Eventually, the blitz worked. After falling steadily, if modestly, for three years, household debt levels started inching up again, fitfully, in 2011. As of the final quarter of 2017, household borrowing stood at $15.3 trillion—just shy, in inflation-adjusted dollars, of what it was in 2005, the year before the housing bubble peaked.

Two things have changed since then—and not in a good way. Though Americans are now spending less of their income on debt—about 10.3 percent, down from roughly 13 percent between 2005 and 2008—they didn’t use the period of super-low rates to reduce their debt, which means that they’re vulnerable to higher rates. Yes, most people locked in their mortgage rate for 30 years. But if they plan to sell their house before then, they’ll likely rely on a buyer who needs the same low rates to maintain house prices.

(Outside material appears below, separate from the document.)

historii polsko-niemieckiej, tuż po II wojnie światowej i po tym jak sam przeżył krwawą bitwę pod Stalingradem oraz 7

And people haven’t locked in low credit-card rates. Credit-card debt stands at an all-time high of $787 billion, according to Experian; including other short-term loans with terms mimicking those of credit cards, this figure now tops $1 trillion. Auto-loan rates, too, aren’t locked in beyond the five-year term for a new car—and outstanding auto debt now totals $1.1 trillion, above its pre-crisis peak. As interest rates go up, can people continue to borrow as their own costs rise? It’s not an academic question. The average credit-card rate was below 12 percent before the Fed began increasing rates; now it’s close to 15 percent. Auto-loan rates, similarly, were less than 4.2 percent three years ago; now they’re above 4.8 percent.

The economic activity that this debt finances is real—but fragile. As rates rise, fewer people can buy new cars. And though it’s hard to know the extent of the problem, many people use their credit cards to supplement their income. The New York Times reported last fall on the case of a retired Brooklyn woman who finances her monthly expenses on “more than a dozen credit cards. Her prescription medication often goes on a Capital One card. She pays for groceries with one from Discover services.” She “struggles each month to make the minimum payments.”

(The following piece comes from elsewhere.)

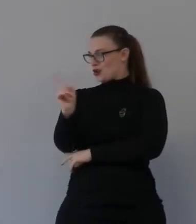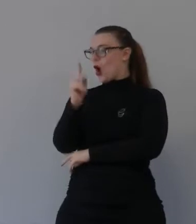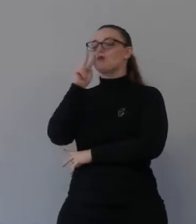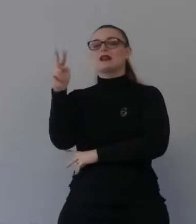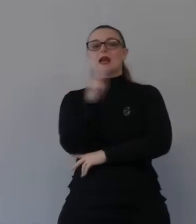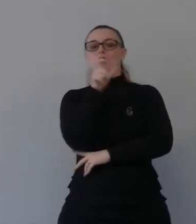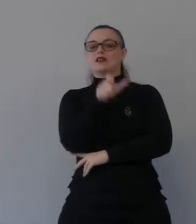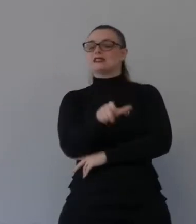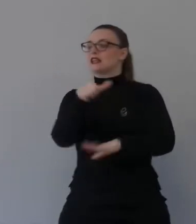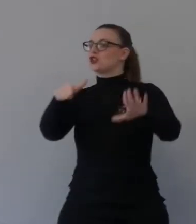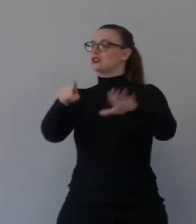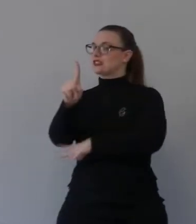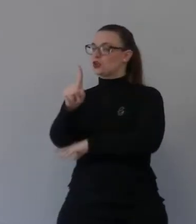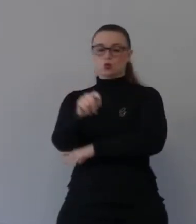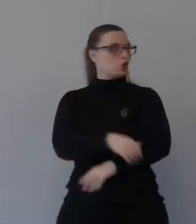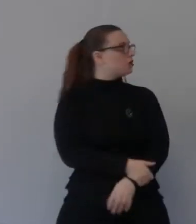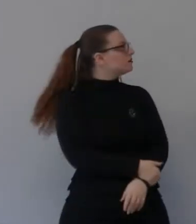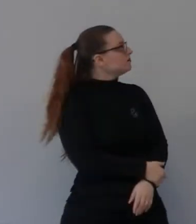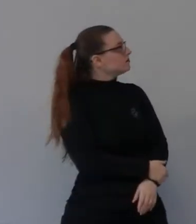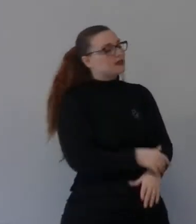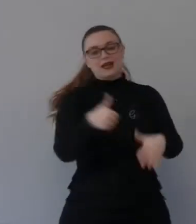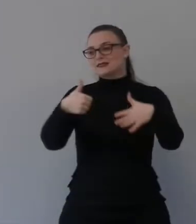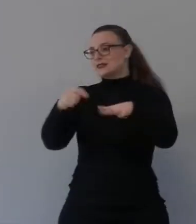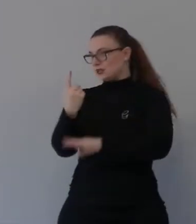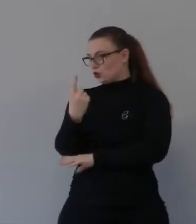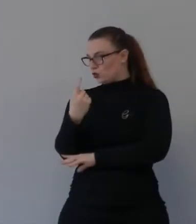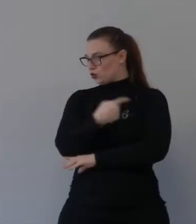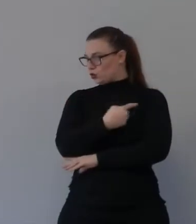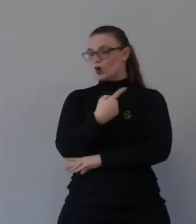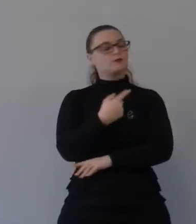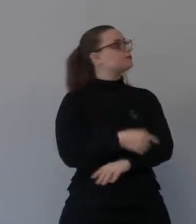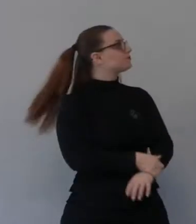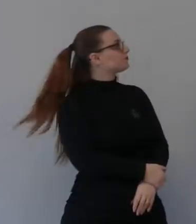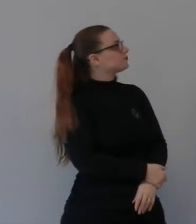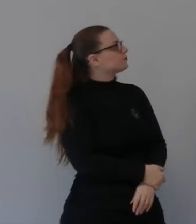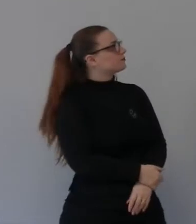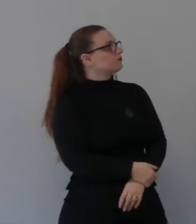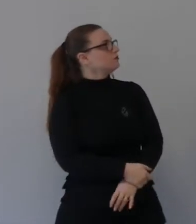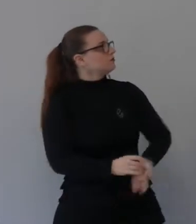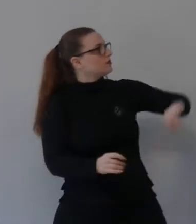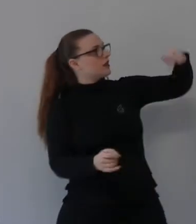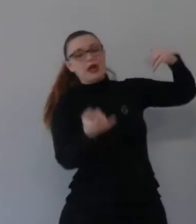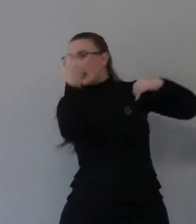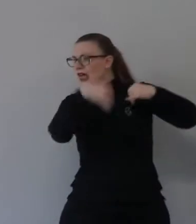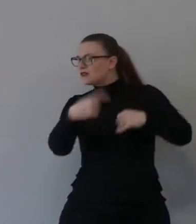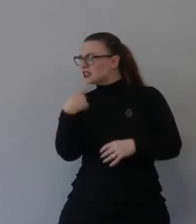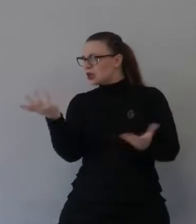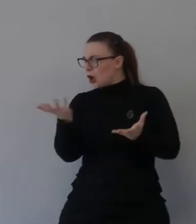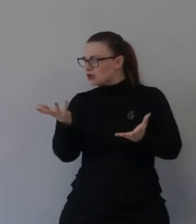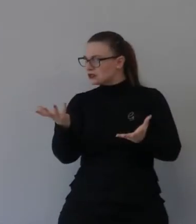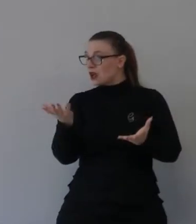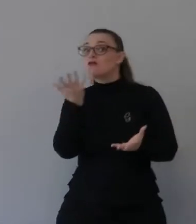la fine la piantagione del Signore qual è lo scopo? farci stare bene

As with the mortgage crisis of a decade ago, people with lower incomes and less financial sophistication tend to rely upon unwise financial strategies. They’re not the only ones, though. Many six-figure earners in New York, New Jersey, and Connecticut look affluent to the outside world but are busy figuring out how long they can juggle $20,000, $30,000, or more in revolving-credit debt. As this borrowing grows more expensive, they, too, will reduce their spending, with a real economic impact.

Before 2008, the federal government had ample wiggle room to borrow in a crisis. In 2007, the federal government—that is, taxpayers—owed $7.5 billion in today’s dollars; today, it owes $16.5 trillion. That borrowing did not buy us the modern infrastructure that we need to support a growing economy and population, or wean us from private-sector debt. In the next crisis, President Trump or his successor could find himself having to slash spending and raise taxes during or just after a recession, the worst time to do so. And when the next crisis hits, we may not have the luxury to borrow ourselves into recovery, as we did last time.

The ten years since the meltdown have seen seismic political and cultural shifts, as the 2016 election demonstrated. Americans are far more skeptical of the status quo than they were a decade ago. But in terms of the imbalances plaguing the U.S. economy, we could turn back the clock and see little difference between then and now.